Using this implementation I have included attention to my RNN (which classify the input sequences into two classes) as follows.
visible = Input(shape=(250,))
embed=Embedding(vocab_size,100)(visible)
activations= keras.layers.GRU(250, return_sequences=True)(embed)
attention = TimeDistributed(Dense(1, activation='tanh'))(activations)
attention = Flatten()(attention)
attention = Activation('softmax')(attention)
attention = RepeatVector(250)(attention)
attention = Permute([2, 1])(attention)
sent_representation = keras.layers.multiply([activations, attention])
sent_representation = Lambda(lambda xin: K.sum(xin, axis=1))(sent_representation)
predictions=Dense(1, activation='sigmoid')(sent_representation)
model = Model(inputs=visible, outputs=predictions)
I have trained the model and saved the weights into weights.best.hdf5
file.
I am dealing with binary classification problem and the input to my model is the one hot vectors (character based).
How can I visualize the attention weights for certain specific test case in the current implementation?

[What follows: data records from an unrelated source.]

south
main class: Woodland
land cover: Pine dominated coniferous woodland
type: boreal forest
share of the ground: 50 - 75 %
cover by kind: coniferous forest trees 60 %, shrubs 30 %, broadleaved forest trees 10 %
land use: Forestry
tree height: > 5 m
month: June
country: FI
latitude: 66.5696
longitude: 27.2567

Visualizing attention is not complicated but you need some tricks. While constructing the model you need to give a name to your attention layer.
(...)
attention = keras.layers.Activation('softmax', name='attention_vec')(attention)
(...)
On loading saved model you need to get the attention layer output on predict.

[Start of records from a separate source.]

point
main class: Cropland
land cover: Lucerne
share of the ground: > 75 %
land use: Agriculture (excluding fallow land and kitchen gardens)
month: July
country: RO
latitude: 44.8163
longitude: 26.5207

model = load_model("./saved_model.h5")
model.summary()
model = Model(inputs=model.input,
outputs=[model.output, model.get_layer('attention_vec').output])
Now you can get the output of model and also the attention vector.
ouputs = model.predict(encoded_input_text)
model_outputs = outputs[0]
attention_outputs = outputs[1]
There are lots of visualising approach of attention vector. Basically the attention output is a softmax output and they are between 0 and 1. You can change these values to rgb codes. If you are working on a Jupyter notebook this following snippet helps you to understand consept and visualise:
class CharVal(object):
def __init__(self, char, val):
self.char = char
self.val = val
def __str__(self):
return self.char
def rgb_to_hex(rgb):
return '#%02x%02x%02x' % rgb
def color_charvals(s):
r = 255-int(s.val*255)
color = rgb_to_hex((255, r, r))
return 'background-color: %s' % color
# if you are using batches the outputs will be in batches
# get exact attentions of chars
an_attention_output = attention_outputs[0][-len(encoded_input_text):]
# before the prediction i supposed you tokenized text
# you need to match each char and attention
char_vals = [CharVal(c, v) for c, v in zip(tokenized_text, attention_output)]
import pandas as pd
char_df = pd.DataFrame(char_vals).transpose()
# apply coloring values
char_df = char_df.style.applymap(color_charvals)
char_df
To summarize you need to get attention outputs from model, match outputs with inputs and convert them rgb or hex and visualise. I hope it was clear.